UNITED STATES DISTRICT COURT MIDDLE DISTRICT OF FLORIDA TAMPA DIVISION

COREY IRIZARRY,

Petitioner,

v. Case No. 8:20-cv-566-CEH-SPF

SECRETARY, DEPARTMENT OF CORRECTIONS,

Respondent. ____________________________/

ORDER

Before the Court are Petitioner’s Petition for Writ of Habeas Corpus under 28 U.S.C. § 2254 (Doc. 1), Respondent’s response in opposition (Doc. 11), and Petitioner’s amended reply. (Doc. 16). Upon consideration, the petition will be denied. I. BACKGROUND AND PROCEDURAL HISTORY In case number 15-CF-000478, Petitioner was charged with soliciting lewd or lascivious conduct of a person under sixteen by a person eighteen years of age or older. (Doc. 11-1, Ex. A). He pleaded guilty to the lesser charge of child abuse and was sentenced to five years on probation. (Id., Exs.
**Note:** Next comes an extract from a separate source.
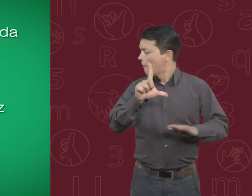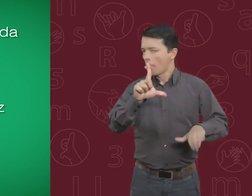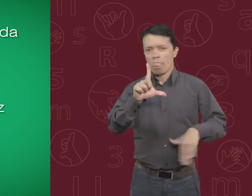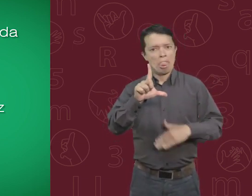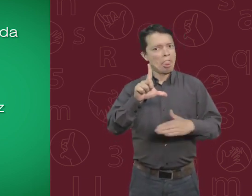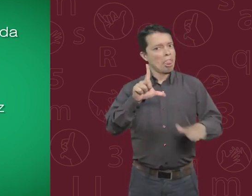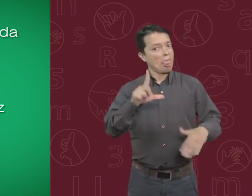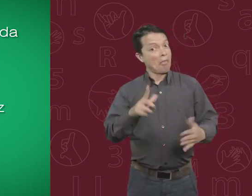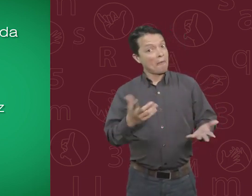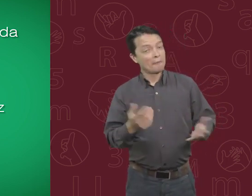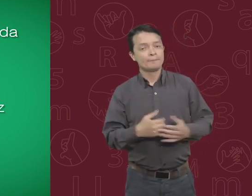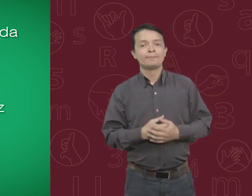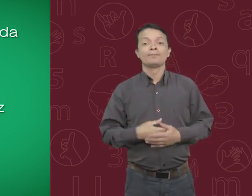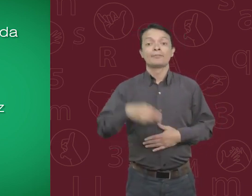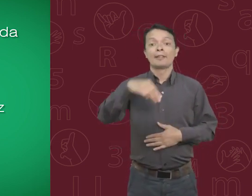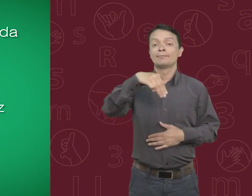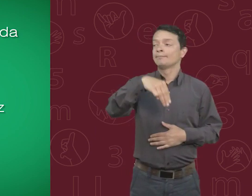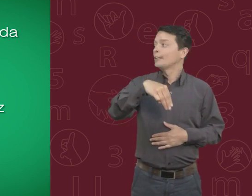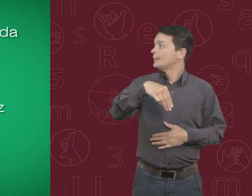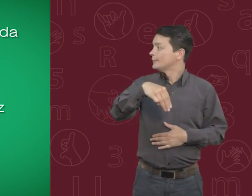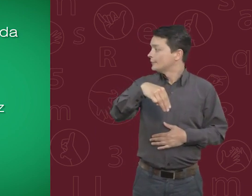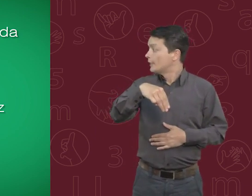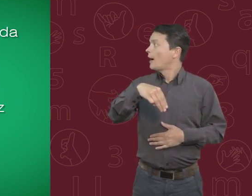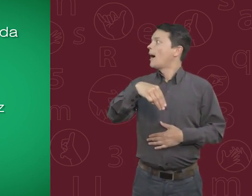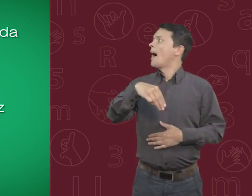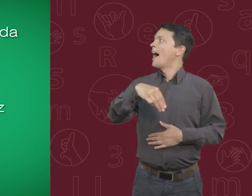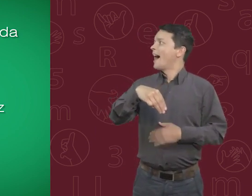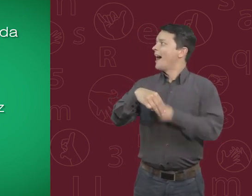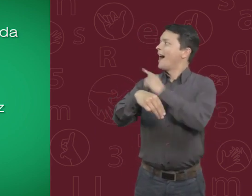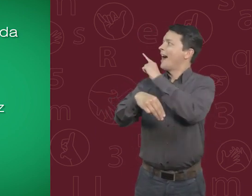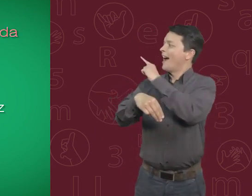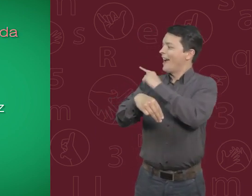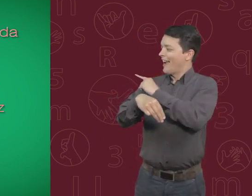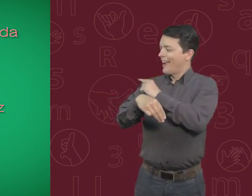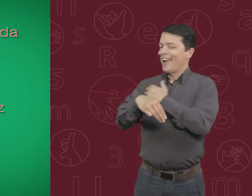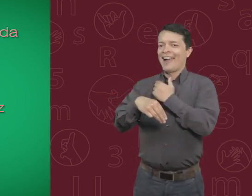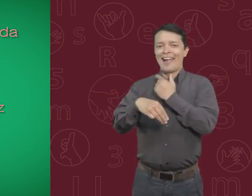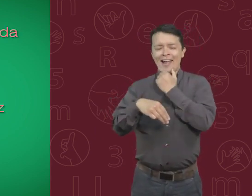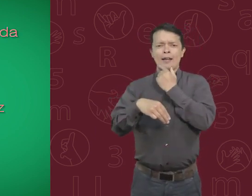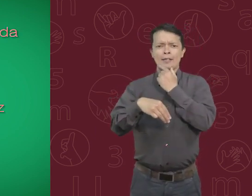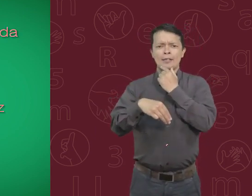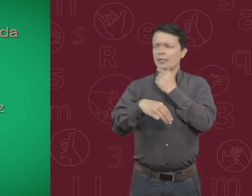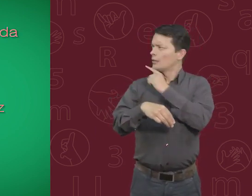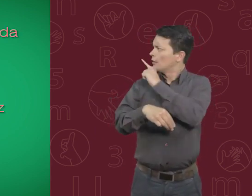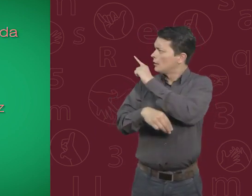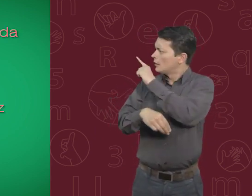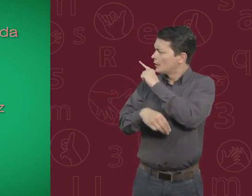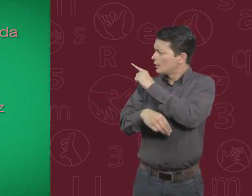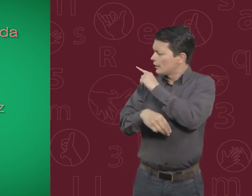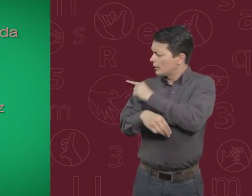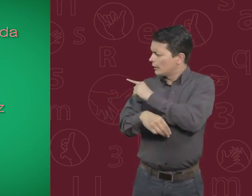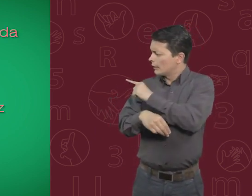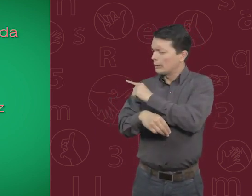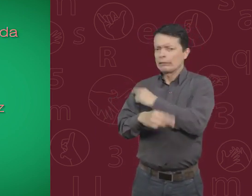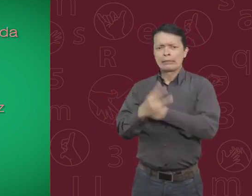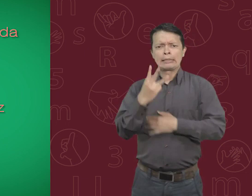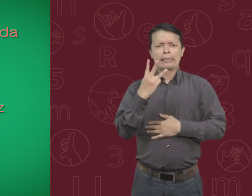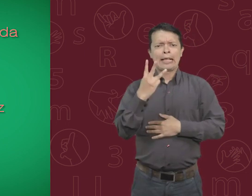No hay. Bueno. M. Hay tres. ¿Hay tres?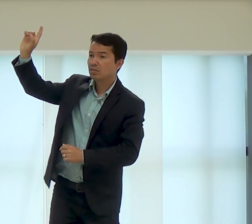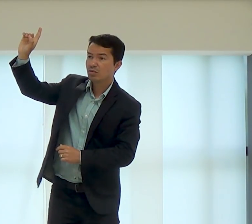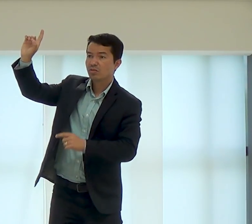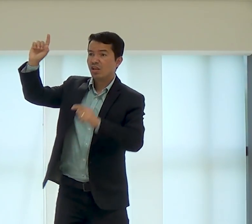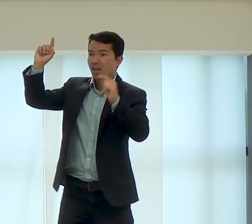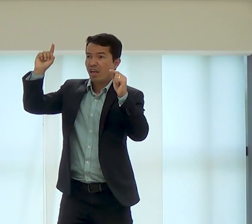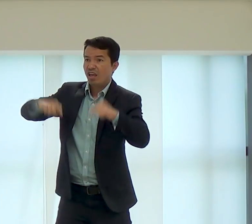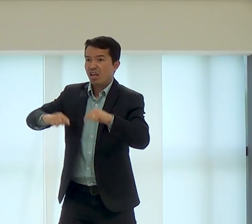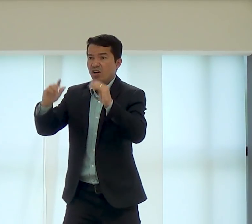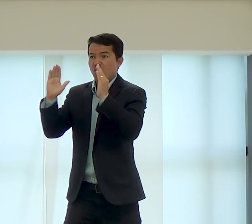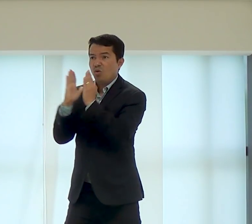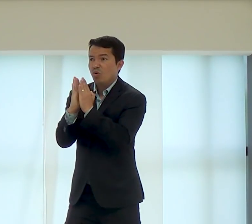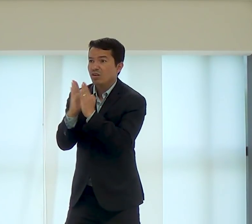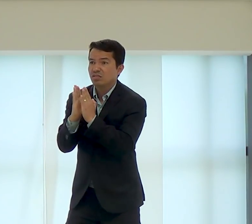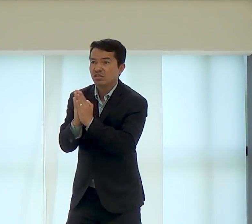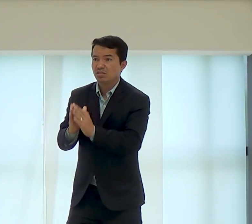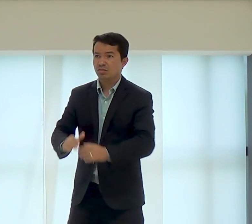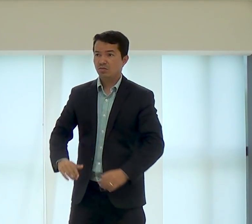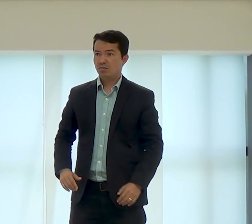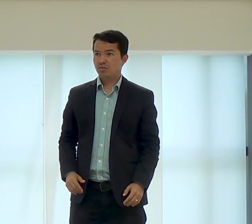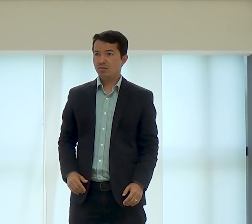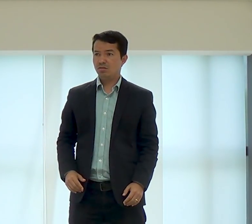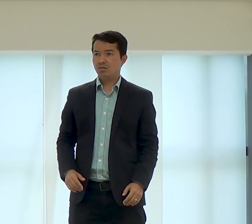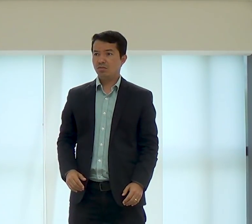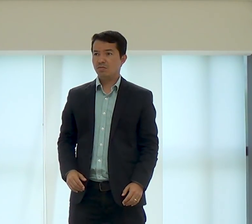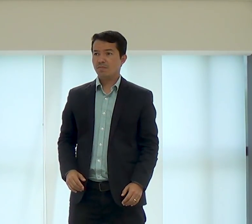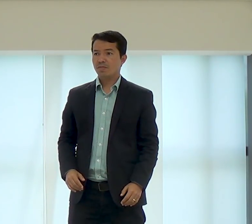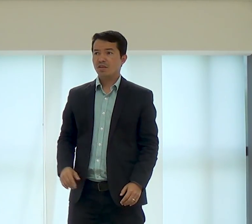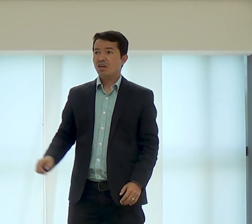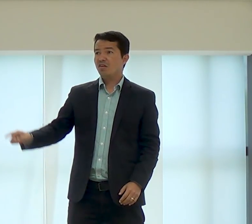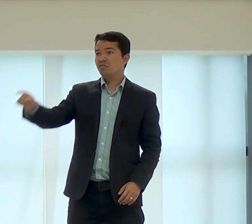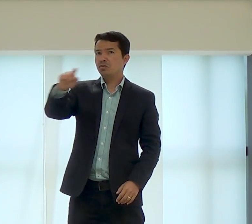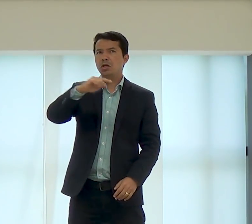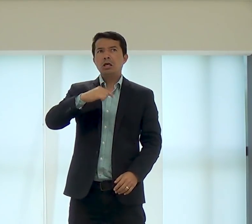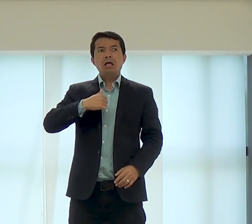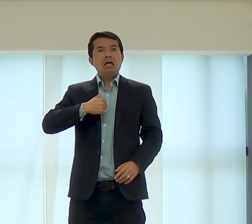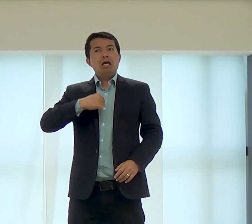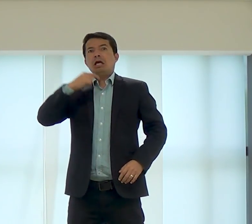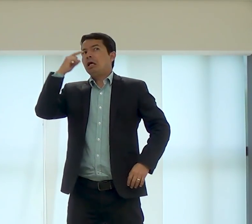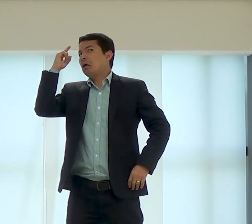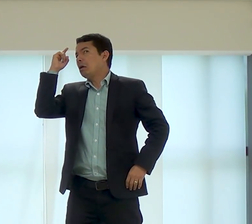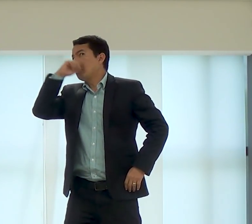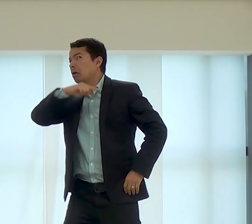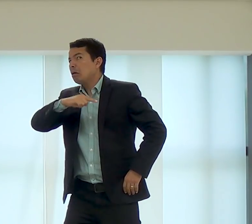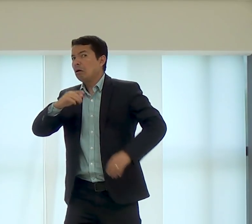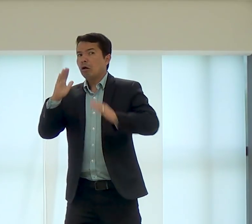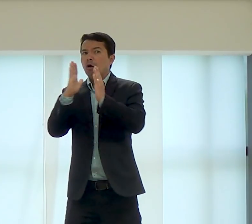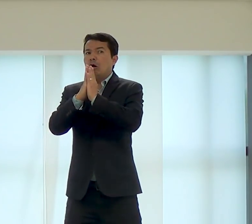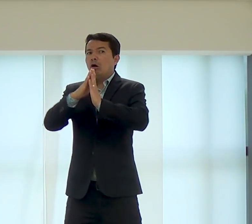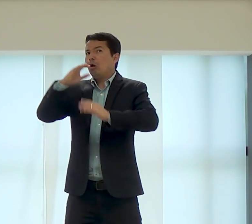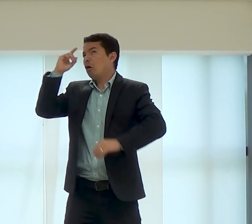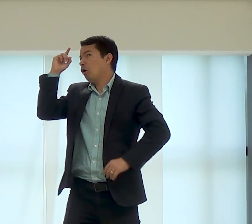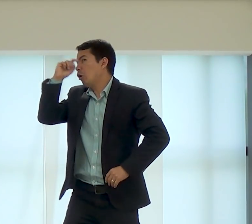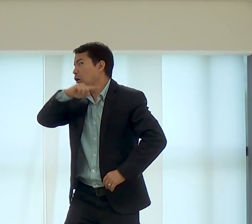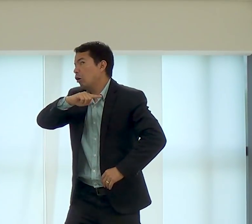oração, e nós entendemos o que Deus quer e obedecemos a ele, faz parte da nossa vida de oração,

B, C). In case number 15-CF-001877, Petitioner was charged with: robbery using a weapon (Count I), witness intimidation (Count II), attempted kidnapping while armed (Count III), aggravated assault with a deadly weapon (Count IV), and battery (Count V). (Id., Ex. D). In case number 15-CF-000478, the State filed an amended affidavit of violation of probation to include committing new offenses. (Id., Ex. E). Petitioner entered an open plea regarding 15-CF-001877 and simultaneously

entered an admission to violating his probation in case number 15-CF-000478. (Id., Exs. F, G). In case number 15-CF-001877, Petitioner was sentenced to concurrent terms of 30 years for counts one and two, 15 years consecutive on count three, five years of probation on count four, and time served on count five. (Id., Exs. H, I). As

to case number 15-000478, Petitioner was sentenced to five years concurrent to the sentences imposed in case number 15-001877. (Id., Exs. H, J). Petitioner appealed his sentences (id., Exs. L, M) and moved to withdraw his pleas. (Id., Ex. K). After a hearing on the motion to withdraw (id., Ex. N), the motion was denied. (Id., Ex. O). The sentences were affirmed on appeal. (Id., Ex. R);

Irizarry v. State, 234 So. 3d 780 (Fla. 5th DCA 2017) [table]. Petitioner filed a petition alleging three grounds of ineffective assistance of appellate counsel. (Id., Ex. T). The petition was denied without elaboration. (Doc. 11-2, Ex. V). Petitioner moved for post-conviction relief in which he alleged trial counsel was ineffective in failing to have his competency evaluated, and trial court

error regarding sentencing considerations. (Id., Ex. Y). The motion was summarily denied (id., Ex. Z), and the denial was affirmed on appeal. (Id., Ex. BB); Irizarry v. State, 285 So. 3d 326 (Fla. 5th DCA 2019) [table].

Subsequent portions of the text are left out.